Records excerpted from a collection
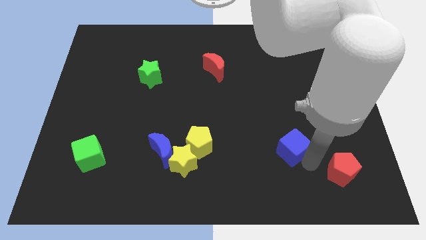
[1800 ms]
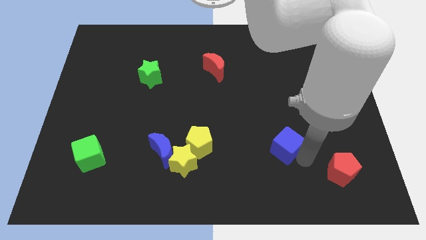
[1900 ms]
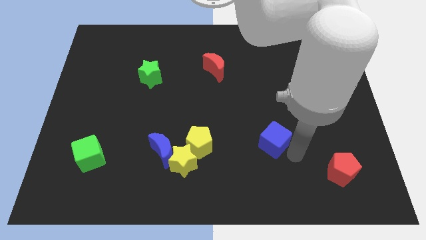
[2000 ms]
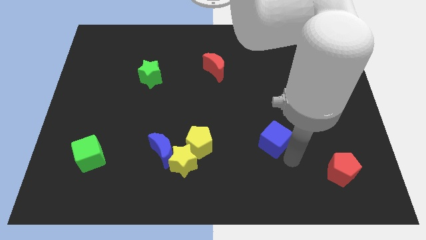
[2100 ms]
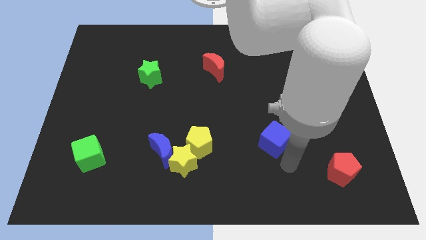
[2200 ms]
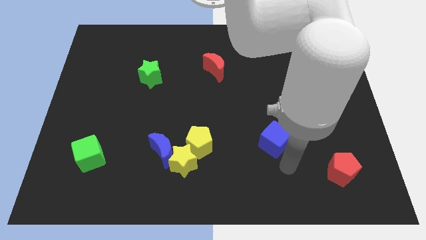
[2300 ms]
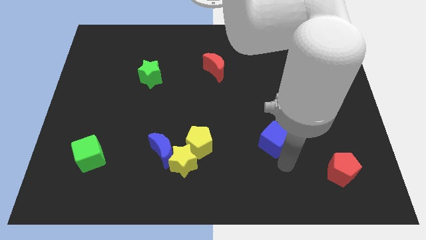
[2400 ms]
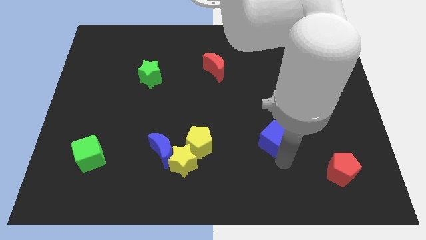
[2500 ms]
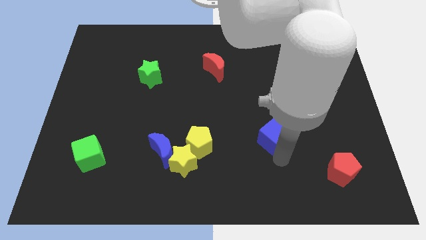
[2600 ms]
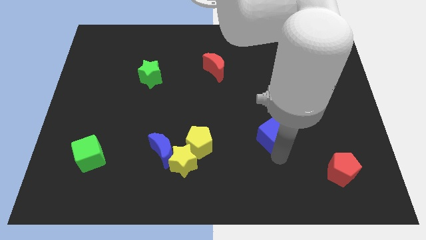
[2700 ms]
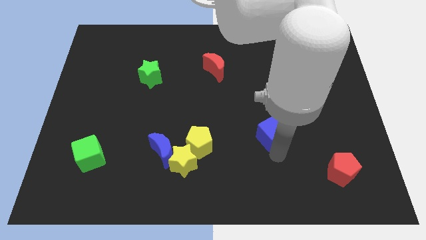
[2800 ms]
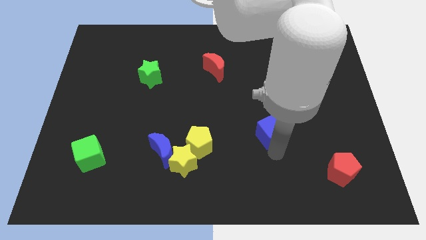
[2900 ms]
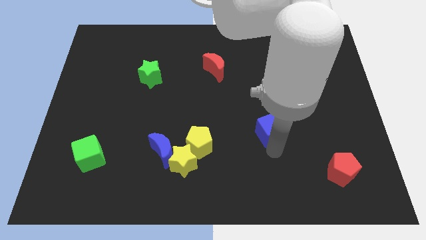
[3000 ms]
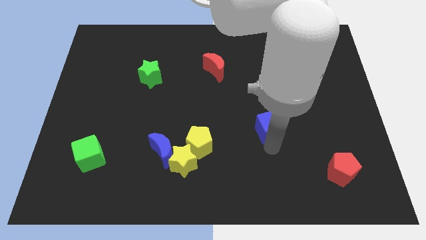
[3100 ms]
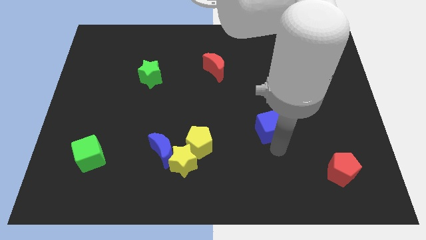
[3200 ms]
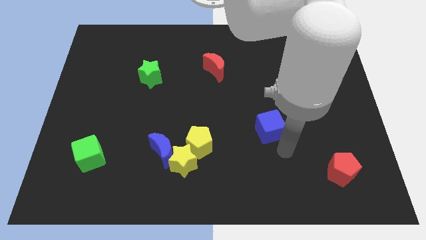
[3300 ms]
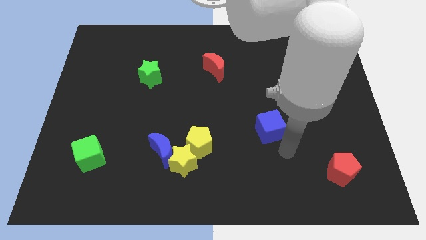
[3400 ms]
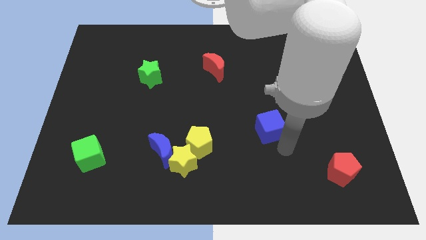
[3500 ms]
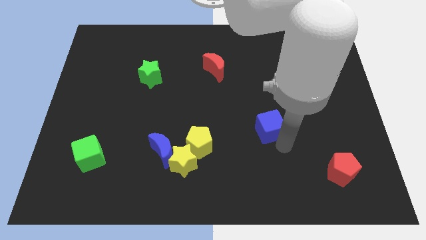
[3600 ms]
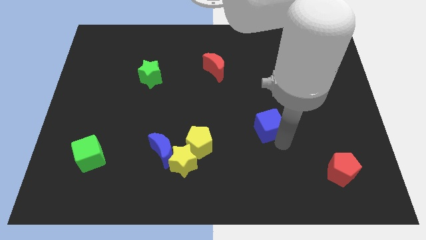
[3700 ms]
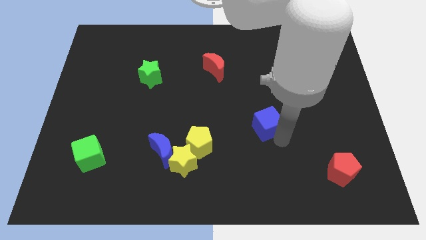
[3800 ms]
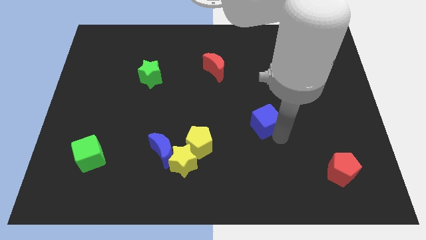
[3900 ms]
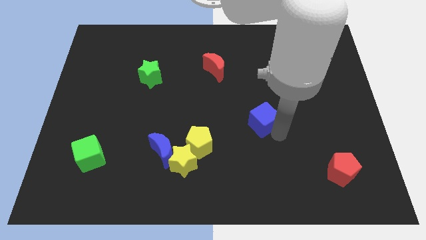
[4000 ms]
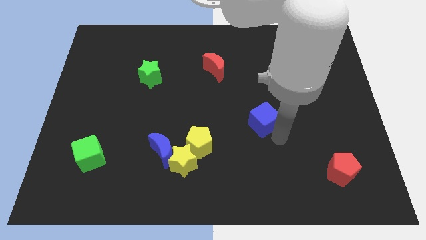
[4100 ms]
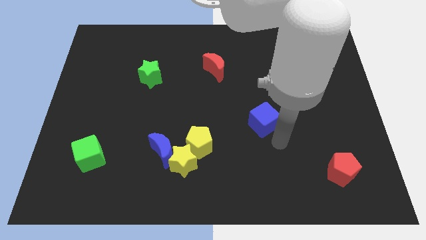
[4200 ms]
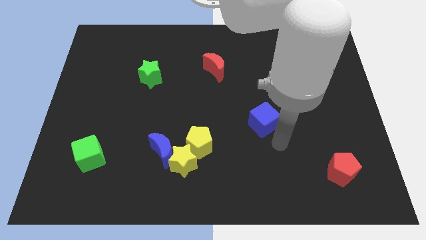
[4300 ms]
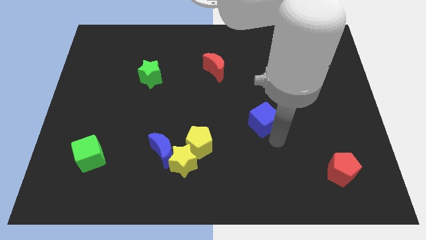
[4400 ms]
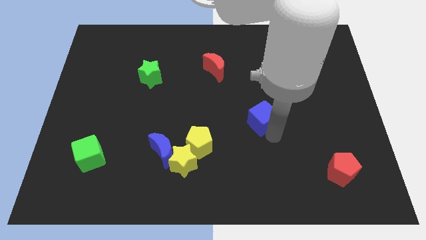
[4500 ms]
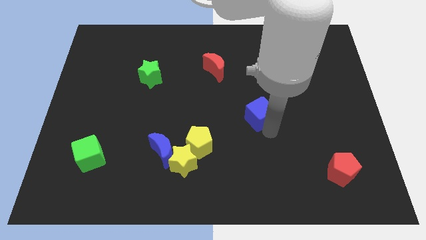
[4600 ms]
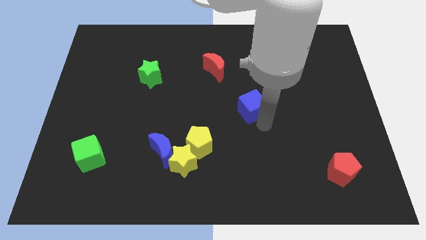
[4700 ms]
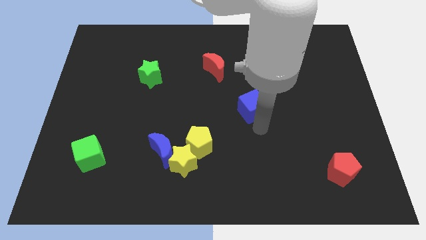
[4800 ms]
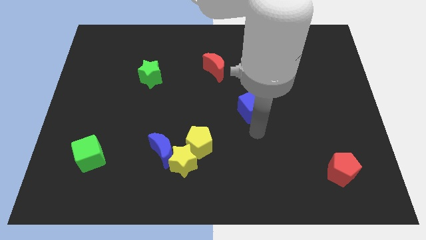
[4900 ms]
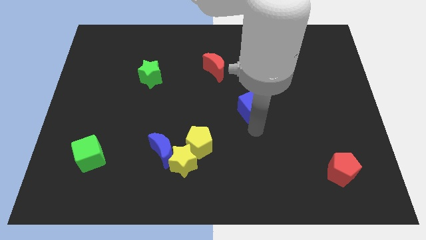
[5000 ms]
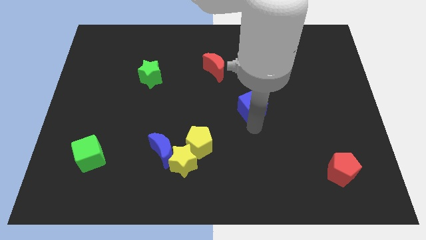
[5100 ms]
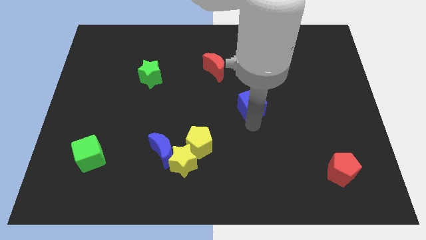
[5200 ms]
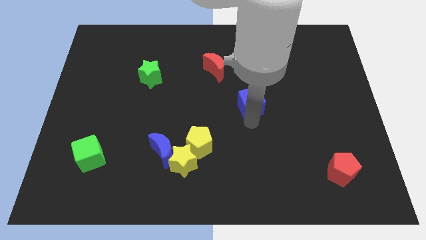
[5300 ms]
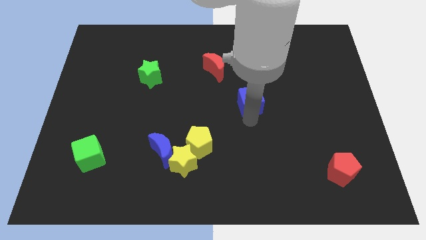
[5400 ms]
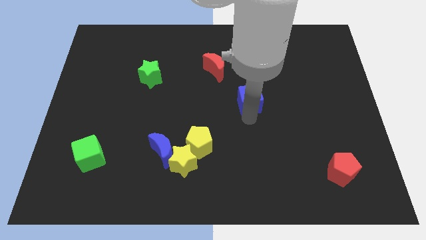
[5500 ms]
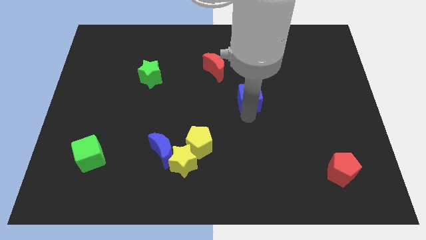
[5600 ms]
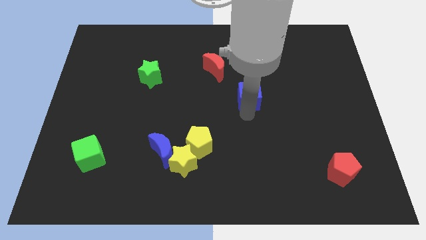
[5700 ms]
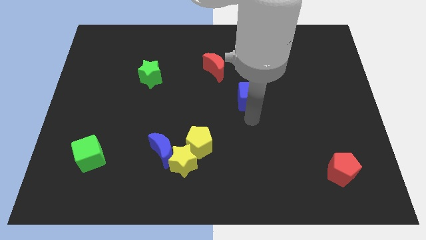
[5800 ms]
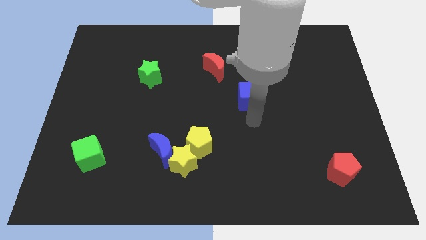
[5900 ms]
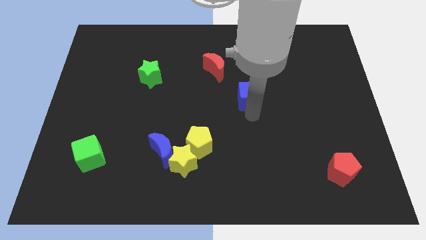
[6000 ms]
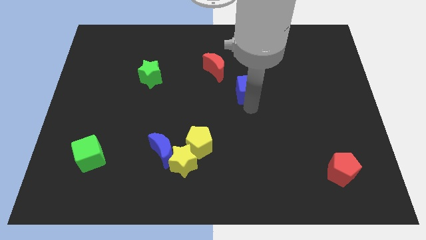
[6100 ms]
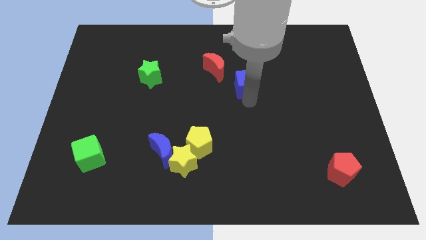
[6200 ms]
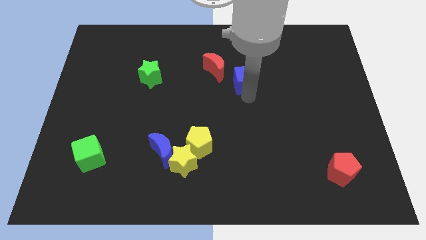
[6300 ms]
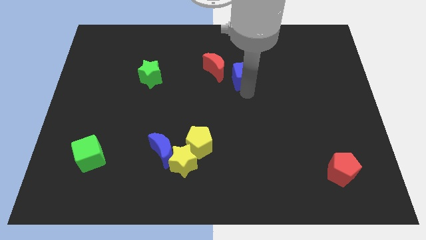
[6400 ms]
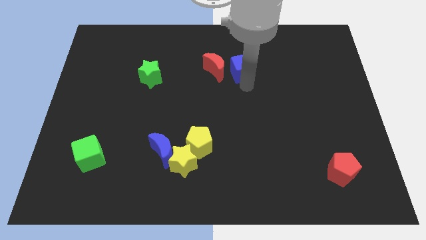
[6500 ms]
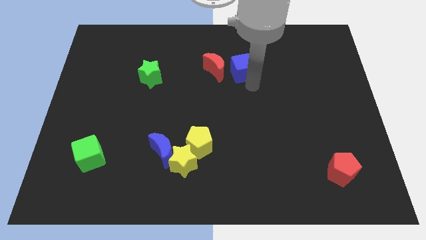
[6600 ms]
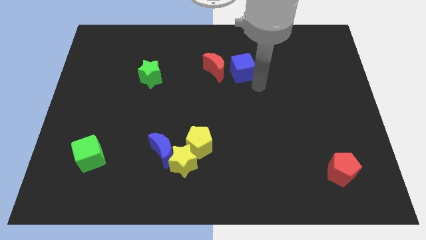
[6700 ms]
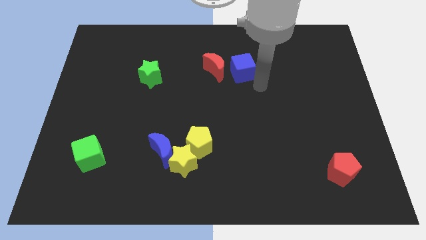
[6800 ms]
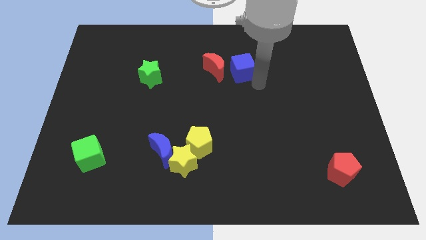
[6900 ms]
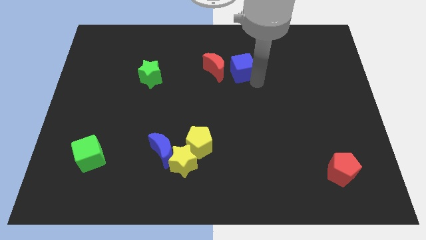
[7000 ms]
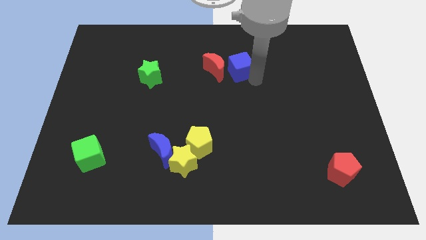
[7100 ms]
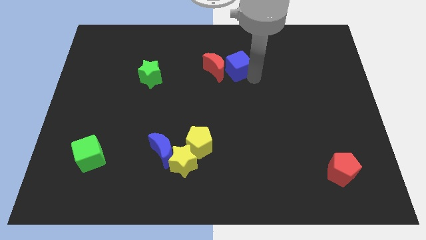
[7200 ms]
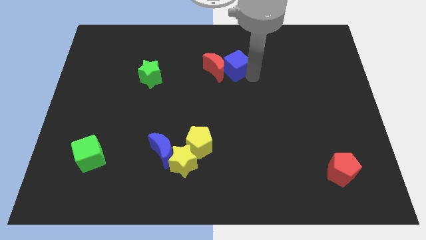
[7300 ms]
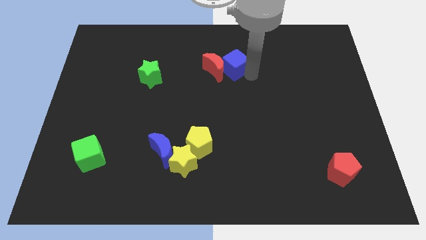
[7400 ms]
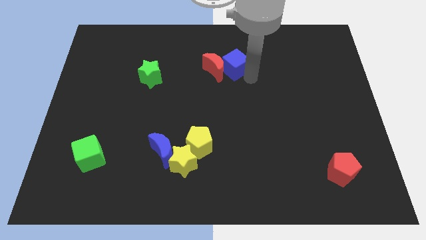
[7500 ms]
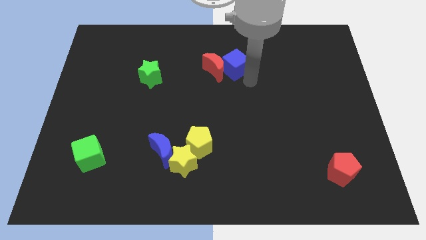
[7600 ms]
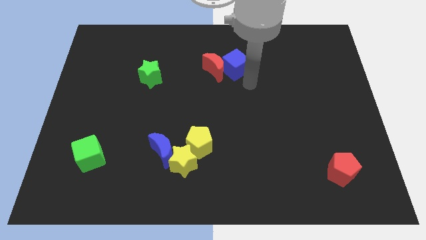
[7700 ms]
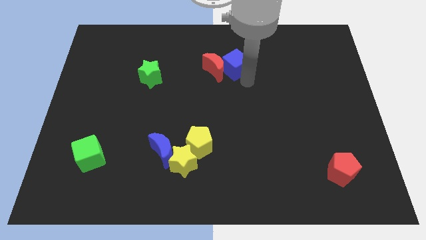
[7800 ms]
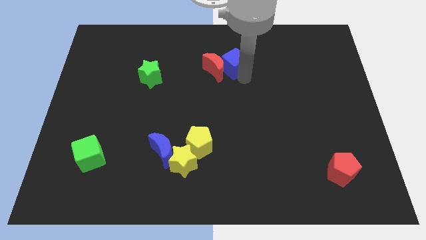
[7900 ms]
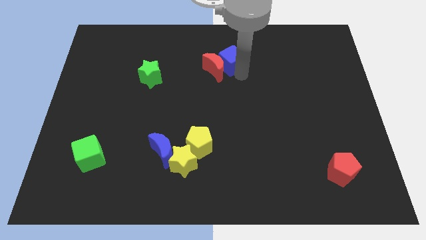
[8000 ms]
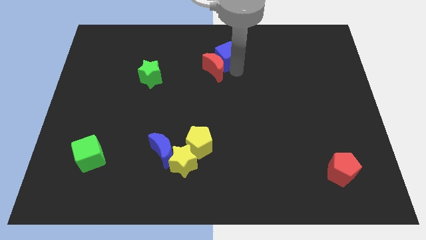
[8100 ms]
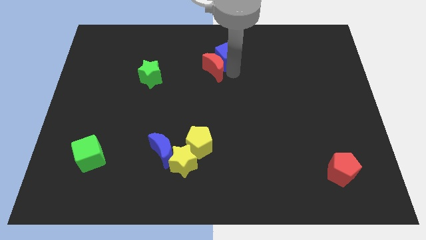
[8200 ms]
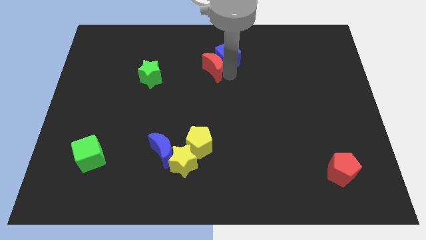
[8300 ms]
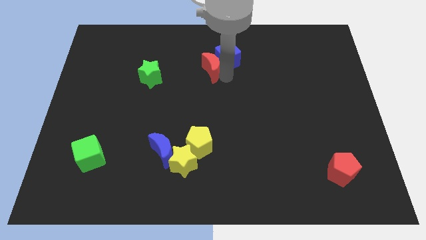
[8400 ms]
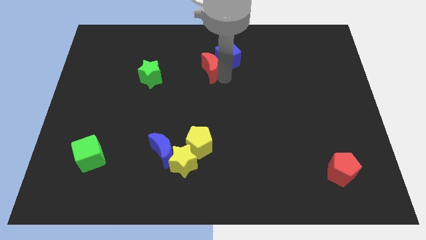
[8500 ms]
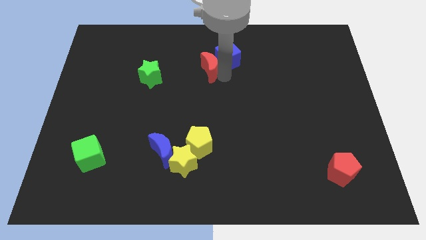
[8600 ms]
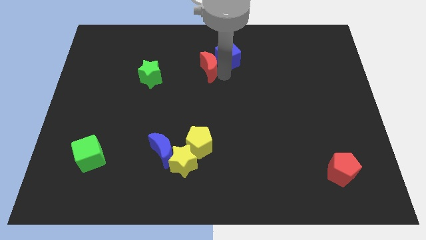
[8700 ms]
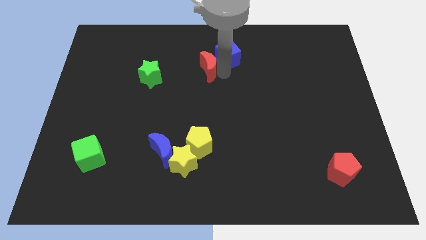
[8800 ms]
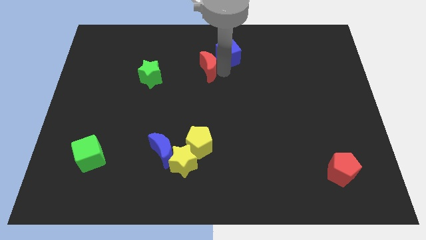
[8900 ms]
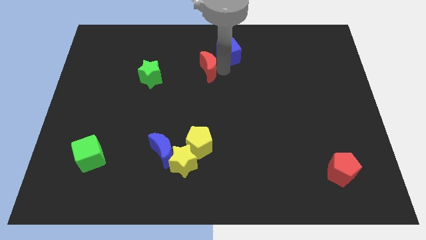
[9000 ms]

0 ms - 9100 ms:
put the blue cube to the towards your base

> Exercise prompt
Set the records down again word for word; the pictures stay out.

> Solution to the exercise
[1800 ms]
[1900 ms]
[2000 ms]
[2100 ms]
[2200 ms]
[2300 ms]
[2400 ms]
[2500 ms]
[2600 ms]
[2700 ms]
[2800 ms]
[2900 ms]
[3000 ms]
[3100 ms]
[3200 ms]
[3300 ms]
[3400 ms]
[3500 ms]
[3600 ms]
[3700 ms]
[3800 ms]
[3900 ms]
[4000 ms]
[4100 ms]
[4200 ms]
[4300 ms]
[4400 ms]
[4500 ms]
[4600 ms]
[4700 ms]
[4800 ms]
[4900 ms]
[5000 ms]
[5100 ms]
[5200 ms]
[5300 ms]
[5400 ms]
[5500 ms]
[5600 ms]
[5700 ms]
[5800 ms]
[5900 ms]
[6000 ms]
[6100 ms]
[6200 ms]
[6300 ms]
[6400 ms]
[6500 ms]
[6600 ms]
[6700 ms]
[6800 ms]
[6900 ms]
[7000 ms]
[7100 ms]
[7200 ms]
[7300 ms]
[7400 ms]
[7500 ms]
[7600 ms]
[7700 ms]
[7800 ms]
[7900 ms]
[8000 ms]
[8100 ms]
[8200 ms]
[8300 ms]
[8400 ms]
[8500 ms]
[8600 ms]
[8700 ms]
[8800 ms]
[8900 ms]
[9000 ms]

0 ms - 9100 ms:
put the blue cube to the towards your base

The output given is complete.